Descriptive data from 2022 general election exit polls conducted by NORC for Fox News (2022) and the Associated Press give us further insight into issue voting in Kansas. Exit polls showed that 24% of Kansas voters said the Supreme Court’s overturning of Roe v. Wade was the single most important factor to their vote in the 2022 general election. Another 45% indicated it was an important factor, but not the most important factor. These polls suggest that 69% of the Kansas general electorate was thinking about abortion when they cast their ballot, which bode well for pro-choice Democrats. On the other hand, primary voters are normally almost guaranteed to turn out again for the November general, but the turnout data for Kansas in 2022 shows that a relatively large share of primary voters, who were likely mobilized to vote because of the constitutional amendment, did not show up to vote in the general election in November. This trend suggests abortion issue voting is prevalent among Kansas voters, and was particularly strong among the states’s young voters.
Issue Voting
Literature on voting suggests that there are various social, political, and psychological factors that help voters translate policy preferences into votes. This most often occurs during periods of social and economic turmoil and when the parties offer distinct policy options (Nie et al., 1979). Voters who use issues as the basis for their election decision-making are called issue voters, and according to Carmines and Stimson (1980), issue voters are more sophisticated than other voters — they are more educated, informed, and active in politics than both party loyalty and candidate image voters. However, as Key (1966) points out, we should not view all issue-based voting as evidence of voter sophistication; voters are not fools, but they are also not all equally sophisticated. “Hard” and “easy” issues matter for participation.
“Easy” issue voting occurs when a particular issue becomes so prominent over a long period of time that it triggers voters’ “gut responses” to candidates and political parties (Carmines & Stimson, 1980). This often occurs when parties stake out opposing positions on deeply felt issues. Easy issues tend to be ones that spend a great deal of time on the public agenda and are often long-unresolved political conflicts — like abortion. Easy issues do not require voters to be well-informed or sophisticated (Carmines & Stimson, 1980).

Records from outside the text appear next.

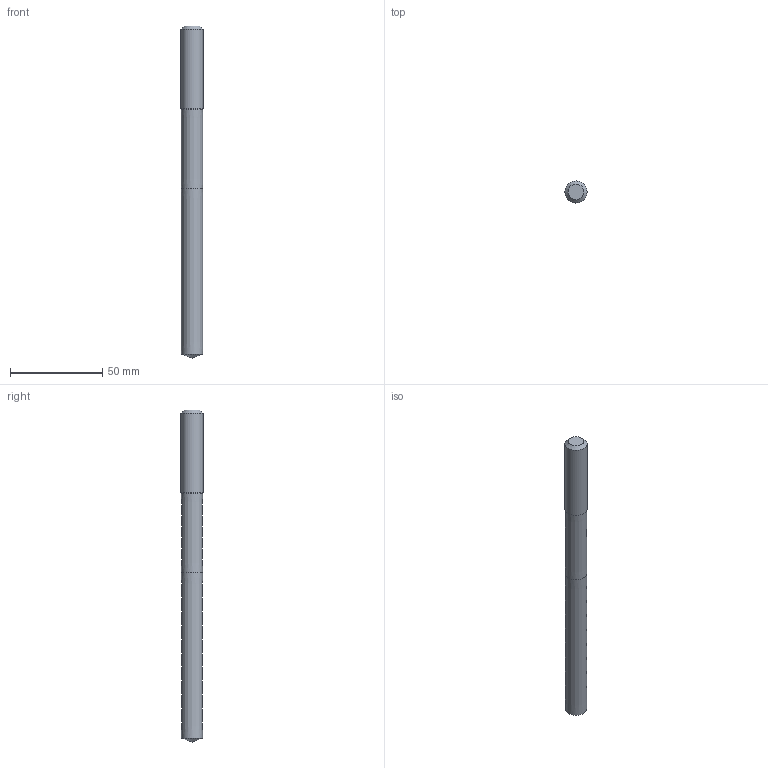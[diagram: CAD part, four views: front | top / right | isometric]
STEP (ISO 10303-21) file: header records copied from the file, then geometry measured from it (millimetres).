
FILE_DESCRIPTION(/* description */ ('R45929/64'),/* implementation_level */ '2;1');
FILE_NAME(/* name */ 'CAPP~~210701163410~6719084~MOD~TM01_00~ISO~FR.STP',/* time_stamp */ '2021-07-01T16:35:13+02:00',/* author */ ('System'),/* organization */ ('Dormer Pramet'),/* preprocessor_version */ 'ST-DEVELOPER v16.7',/* originating_system */ 'SIEMENS PLM Software NX 12.0',/* authorisation */ '');
FILE_SCHEMA (('AUTOMOTIVE_DESIGN { 1 0 10303 214 3 1 1 1 }'));
Length unit declared in the file: millimetre
Products named in the file (1): CAPP~~210701163410~6719084~MOD~TM01_00~ISO~FR
Bounding box: 12 x 12 x 180 mm (x, y, z)
Volume: 18937.3 mm3; surface area: 6900.7 mm2
Topology: 2 solids, 2 shells, 9 faces, 17 edges, 13 vertices
Faces by surface type: cone 5, plane 3, cylinder 1
Full cylindrical faces by diameter (mm): 12 x1
Entity records: 246 total; most frequent: DIRECTION 40, CARTESIAN_POINT 36, AXIS2_PLACEMENT_3D 20, EDGE_LOOP 14, ORIENTED_EDGE 14, FACE_BOUND 12, ADVANCED_FACE 9, VERTEX_POINT 8

However, as seen in Kansas during the 2022 primary election, when voted on directly, support for abortion access can and does cut across partisanship, contrary to much of the academic literature on abortion issue voting. Historically, there has been a link between policy preferences and citizens’ ideological predispositions (Arnold, 1990). In general, liberals are more supportive of abortion rights while conservatives are more likely to champion policies that restrict access to abortion. The Democratic and Republican Parties include the abortion issue in their party platforms, and have since a pro-life agenda was first added to the Republican Party platform in 1976. These partisan-motivated abortion attitudes have long been a driver of issue preference and turnout (Zigerell & Barker, 2011) and have been used by politicians as a source of polarization (Adams, 1997). In this context, parties served to aggregate voter interests on abortion (Jelen & Wilcox, 2003). This seemingly intensified from the 1980s to the 2010s, as Republicans increasingly championed policy opposition to abortion rights (Liebertz & Bunch, 2021), even as aggregate public opinion on the abortion issue stayed quite stable during this period (e.g. Jelen, 2014; Jelen & Wilcox, 2003; Wilcox & Carr, 2010). Though aggregate public opinion on abortion has shifted in recent years — both Republicans and Democrats are becoming more accepting of legal abortion — the change is occurring more rapidly among Democrats (see Jelen, 2017).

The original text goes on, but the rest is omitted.